__What is needed__: The records below need to be repeated exactly, though not their pictures.

__Data supplied__:
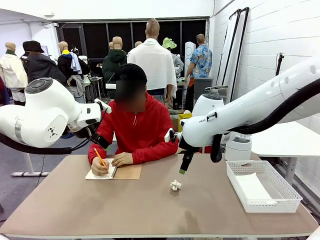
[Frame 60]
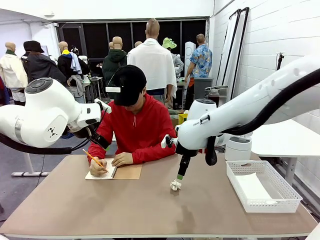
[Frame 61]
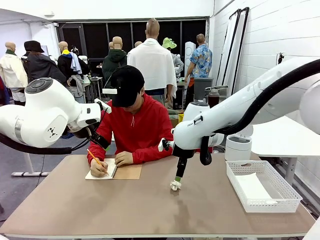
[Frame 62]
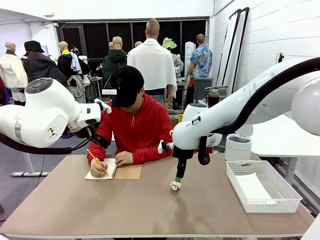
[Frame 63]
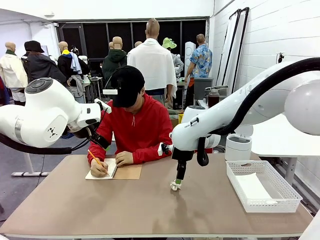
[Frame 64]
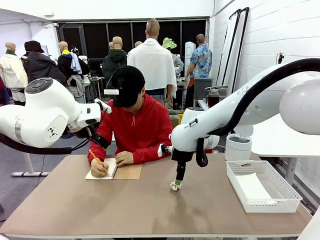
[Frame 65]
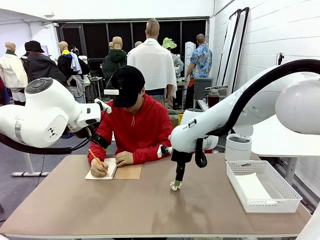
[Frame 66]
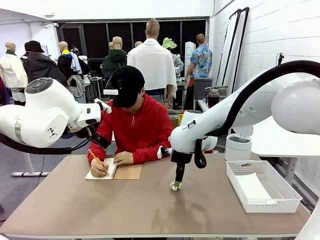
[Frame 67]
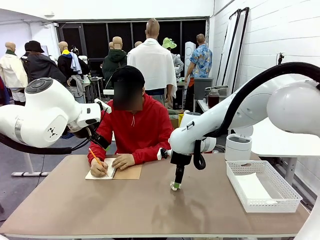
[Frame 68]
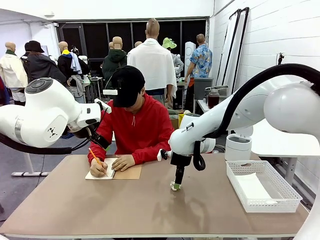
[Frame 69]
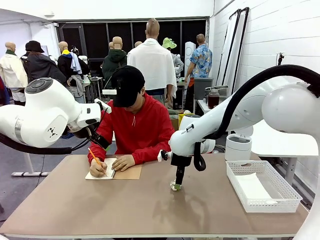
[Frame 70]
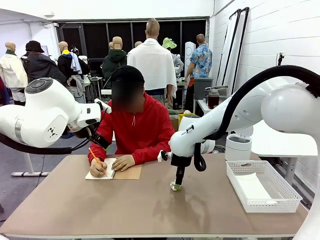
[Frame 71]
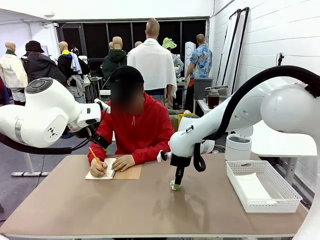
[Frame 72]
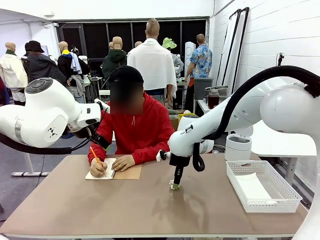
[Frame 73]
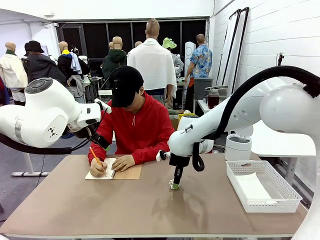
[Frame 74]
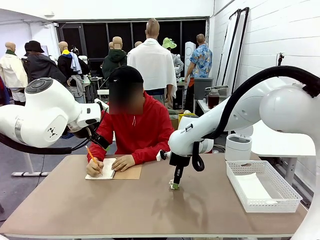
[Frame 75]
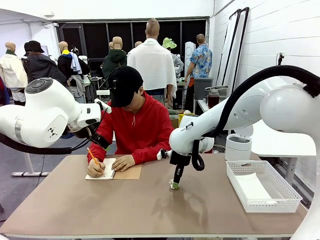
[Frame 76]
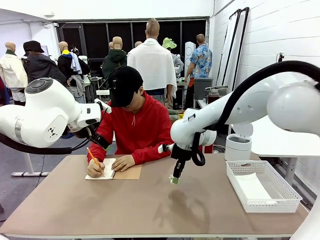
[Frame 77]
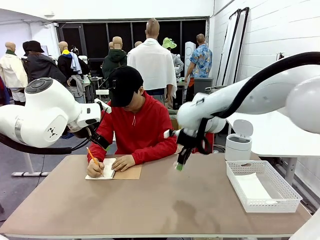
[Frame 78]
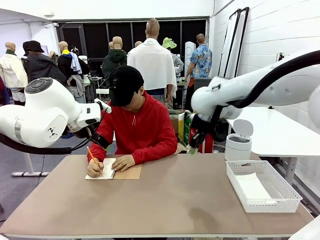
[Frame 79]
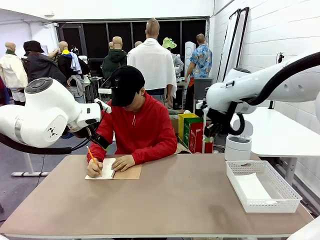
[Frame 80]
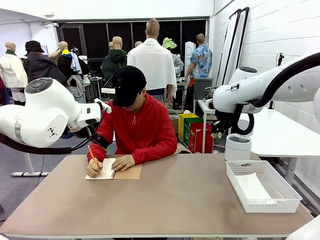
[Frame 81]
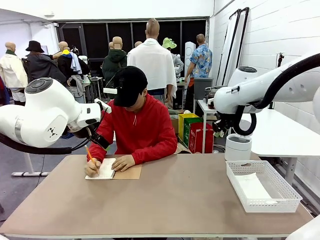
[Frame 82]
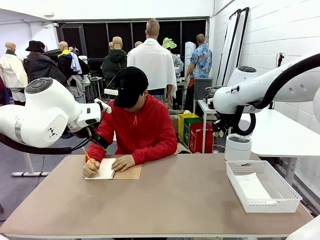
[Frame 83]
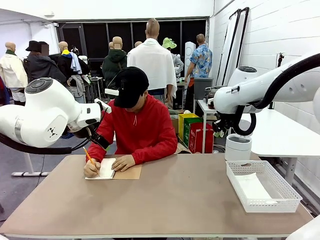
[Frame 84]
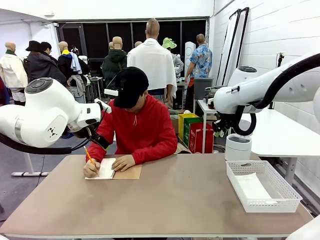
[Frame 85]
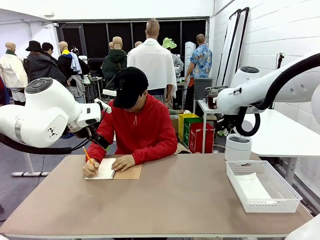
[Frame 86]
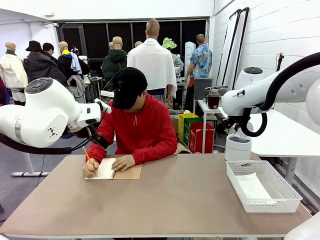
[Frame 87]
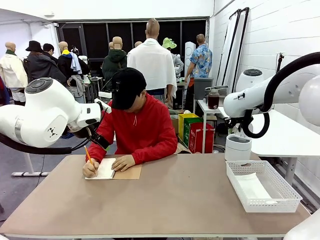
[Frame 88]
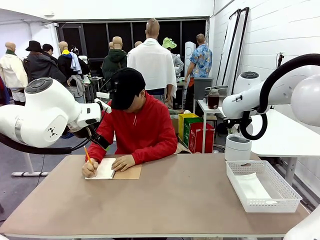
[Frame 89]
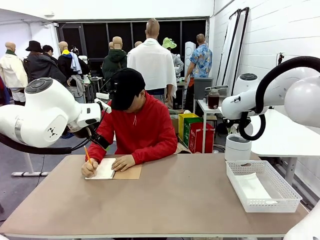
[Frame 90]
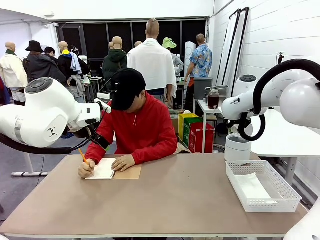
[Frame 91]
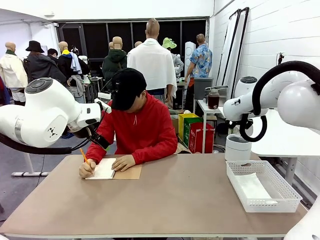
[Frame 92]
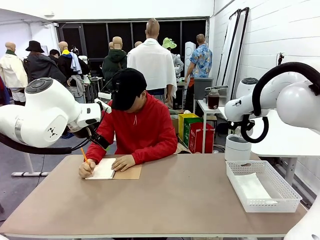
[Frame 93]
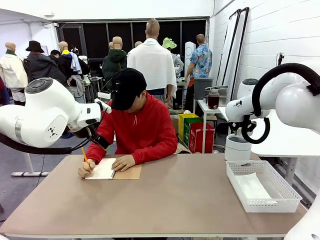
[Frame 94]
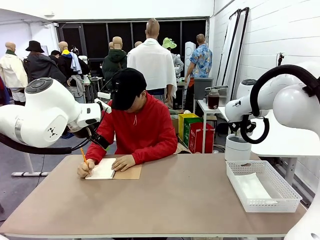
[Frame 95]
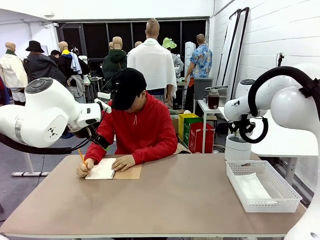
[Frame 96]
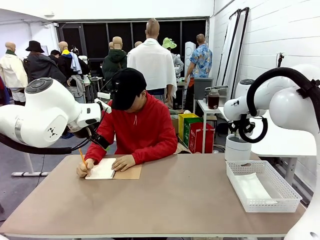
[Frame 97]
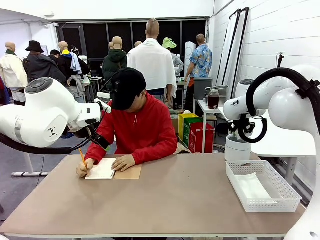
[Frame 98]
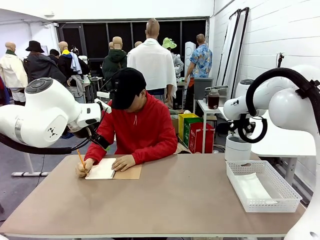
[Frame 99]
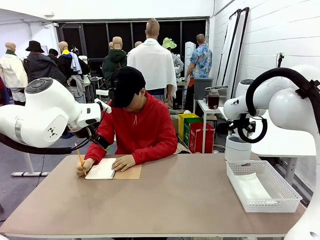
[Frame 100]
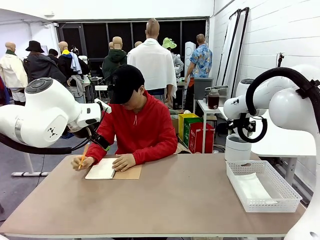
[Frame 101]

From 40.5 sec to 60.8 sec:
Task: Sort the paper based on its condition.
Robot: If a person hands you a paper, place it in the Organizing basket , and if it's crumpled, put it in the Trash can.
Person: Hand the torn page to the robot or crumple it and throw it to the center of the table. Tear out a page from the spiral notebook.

__Reply__:
[Frame 60]
[Frame 61]
[Frame 62]
[Frame 63]
[Frame 64]
[Frame 65]
[Frame 66]
[Frame 67]
[Frame 68]
[Frame 69]
[Frame 70]
[Frame 71]
[Frame 72]
[Frame 73]
[Frame 74]
[Frame 75]
[Frame 76]
[Frame 77]
[Frame 78]
[Frame 79]
[Frame 80]
[Frame 81]
[Frame 82]
[Frame 83]
[Frame 84]
[Frame 85]
[Frame 86]
[Frame 87]
[Frame 88]
[Frame 89]
[Frame 90]
[Frame 91]
[Frame 92]
[Frame 93]
[Frame 94]
[Frame 95]
[Frame 96]
[Frame 97]
[Frame 98]
[Frame 99]
[Frame 100]
[Frame 101]

From 40.5 sec to 60.8 sec:
Task: Sort the paper based on its condition.
Robot: If a person hands you a paper, place it in the Organizing basket , and if it's crumpled, put it in the Trash can.
Person: Hand the torn page to the robot or crumple it and throw it to the center of the table. Tear out a page from the spiral notebook.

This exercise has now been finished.